Alas, the institution failed to keep up the momentum achieved in the earlier years in terms of faculty development and other key programmes. For instance, its programme to send 1500 students to US universities, initiated about five years ago, failed badly as the HEC succeeded in sending only 40 students, and the programme collapsed. The largest number of foreign scholarships awarded in the last five years by the HEC were not to the US, UK, Germany, Sweden or other advanced countries but to Hungary, indicating its current preference for numbers instead of quality. The funds being spent to promote research programmes have dwindled, creating an agonizing situation for researchers, many of whom have left the country in utter frustration.
There has been a mushrooming of substandard universities for political mileage. For example, six universities are to be built in Punjab with only one billion rupees allocated for each. This is a huge eyewash, as building a good small university now costs 15-20 billion rupees. Universities are not just brick and mortar.

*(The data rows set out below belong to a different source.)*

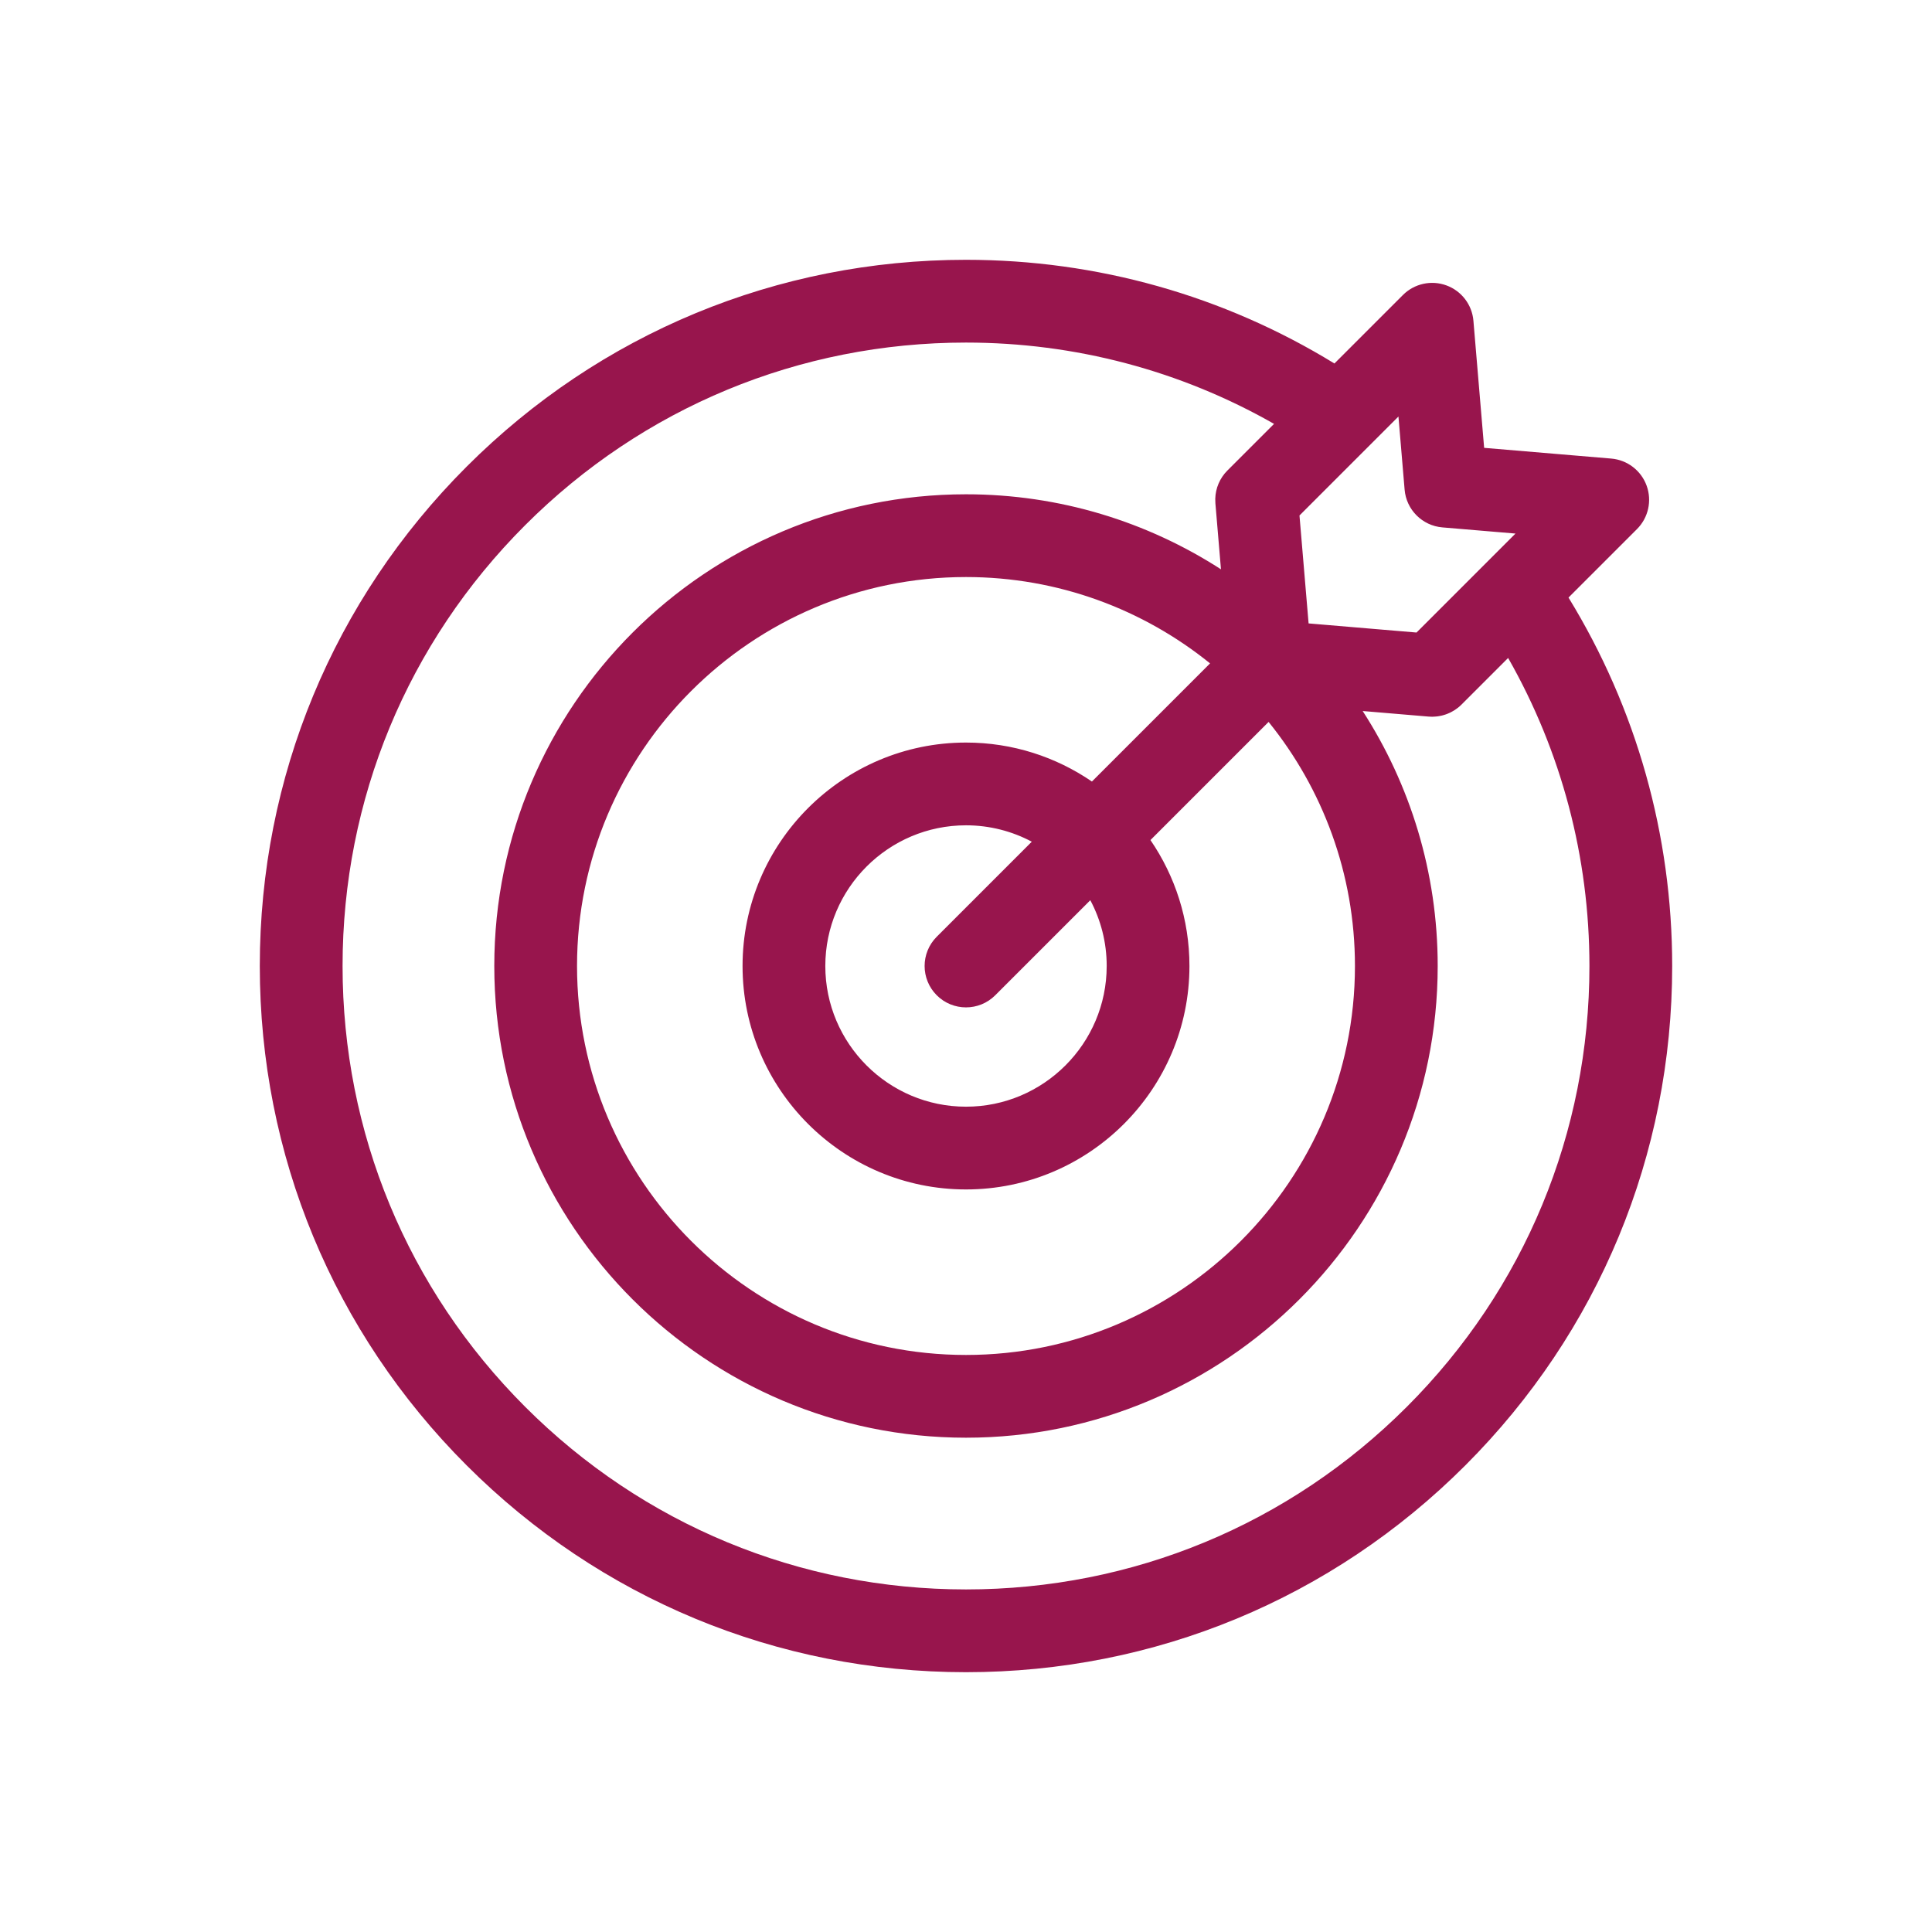 <?xml version="1.0" encoding="UTF-8"?>
<svg id="Layer_1" data-name="Layer 1" xmlns="http://www.w3.org/2000/svg" viewBox="0 0 2000 2000">
  <defs>
    <style>
      .cls-1 {
        fill: #98154d;
        stroke-width: 0px;
      }
    </style>
  </defs>
  <path class="cls-1" d="M1623.71,618.59l70.91-70.9c11.78-11.79,15.66-29.35,9.94-45-5.72-15.66-20.01-26.57-36.63-27.98l-131.55-11.1-11.1-131.55c-1.39-16.61-12.31-30.9-27.97-36.62-15.65-5.73-33.21-1.85-45,9.94l-70.91,70.9c-114.67-70.31-245.79-107.33-381.41-107.33-195.27,0-378.85,76.04-516.93,214.12s-214.12,321.66-214.12,516.93,76.04,378.85,214.12,516.93,321.66,214.12,516.93,214.12,378.85-76.04,516.93-214.12,214.12-321.66,214.12-516.93c0-135.62-37.02-266.72-107.33-381.41ZM1454.05,506.87c1.76,20.81,18.27,37.32,39.09,39.09l75.69,6.38-102.45,102.45-111.73-9.43-9.43-111.73,102.45-102.45,6.38,75.69ZM1145.64,1000c0,80.3-65.33,145.64-145.64,145.64s-145.64-65.33-145.64-145.64,65.33-145.64,145.64-145.64c24.6,0,47.77,6.15,68.1,16.96l-98.39,98.4c-16.73,16.72-16.73,43.84,0,60.57,8.35,8.37,19.32,12.55,30.29,12.55s21.93-4.18,30.29-12.55l98.4-98.39c10.81,20.34,16.96,43.5,16.96,68.1ZM1130.37,809.05c-37.15-25.43-82.04-40.36-130.37-40.36-127.54,0-231.31,103.76-231.31,231.31s103.76,231.31,231.31,231.31,231.31-103.76,231.31-231.31c0-48.32-14.93-93.22-40.36-130.37l122.3-122.3c55.87,69.14,89.39,157.06,89.39,252.67,0,222.01-180.63,402.65-402.65,402.65s-402.65-180.63-402.65-402.65,180.63-402.65,402.65-402.65c95.61,0,183.53,33.52,252.67,89.39l-122.3,122.3ZM1456.34,1456.34c-121.89,121.9-283.96,189.03-456.34,189.03s-334.46-67.13-456.34-189.03c-121.9-121.89-189.03-283.96-189.03-456.34s67.13-334.46,189.03-456.34c121.89-121.9,283.96-189.03,456.34-189.03,112.78,0,222.01,28.97,318.89,84.17l-48.31,48.31c-7.81,7.81-12.26,18.27-12.54,29.19-.03,1.56.01,3.12.13,4.7l5.77,68.35c-76.15-49.13-166.78-77.66-263.95-77.66-269.26,0-488.31,219.06-488.31,488.31s219.06,488.31,488.31,488.31,488.31-219.06,488.31-488.31c0-97.17-28.53-187.79-77.66-263.95l68.35,5.77c1.2.09,2.41.15,3.6.15.2,0,.41-.02.61-.03.57,0,1.13-.04,1.7-.08.93-.06,1.86-.11,2.78-.22.57-.08,1.14-.17,1.71-.26.9-.15,1.8-.31,2.69-.51.57-.13,1.13-.28,1.68-.42.87-.23,1.73-.5,2.59-.79.56-.19,1.1-.38,1.65-.59.84-.32,1.66-.68,2.49-1.07.52-.23,1.05-.47,1.57-.74.83-.42,1.63-.89,2.42-1.36.48-.29.96-.56,1.43-.85.85-.56,1.66-1.16,2.48-1.77.38-.29.77-.55,1.14-.85,1.16-.94,2.29-1.93,3.36-3l48.31-48.31c55.21,96.88,84.17,206.12,84.17,318.89,0,172.39-67.13,334.46-189.03,456.34Z"/>
</svg>

The heart of a university is a top-class faculty with an excellent research environment. The training of 300 PhD level faculty members alone for each university would alone cost over Rs4 billion. The prime minister needs to personally look into this farce of new university development in Punjab and stop it with immediate effect. Unless the proliferation of mediocrity is arrested, the damage being done will soon become irreversible. The prime minister also needs to personally oversee the revival of the higher education sector and offer additional financial support to the HEC to boost innovation and research in universities.
The writer is the former chairman of the HEC, and president of the Network of Academies of Science of OIC Countries (NASIC).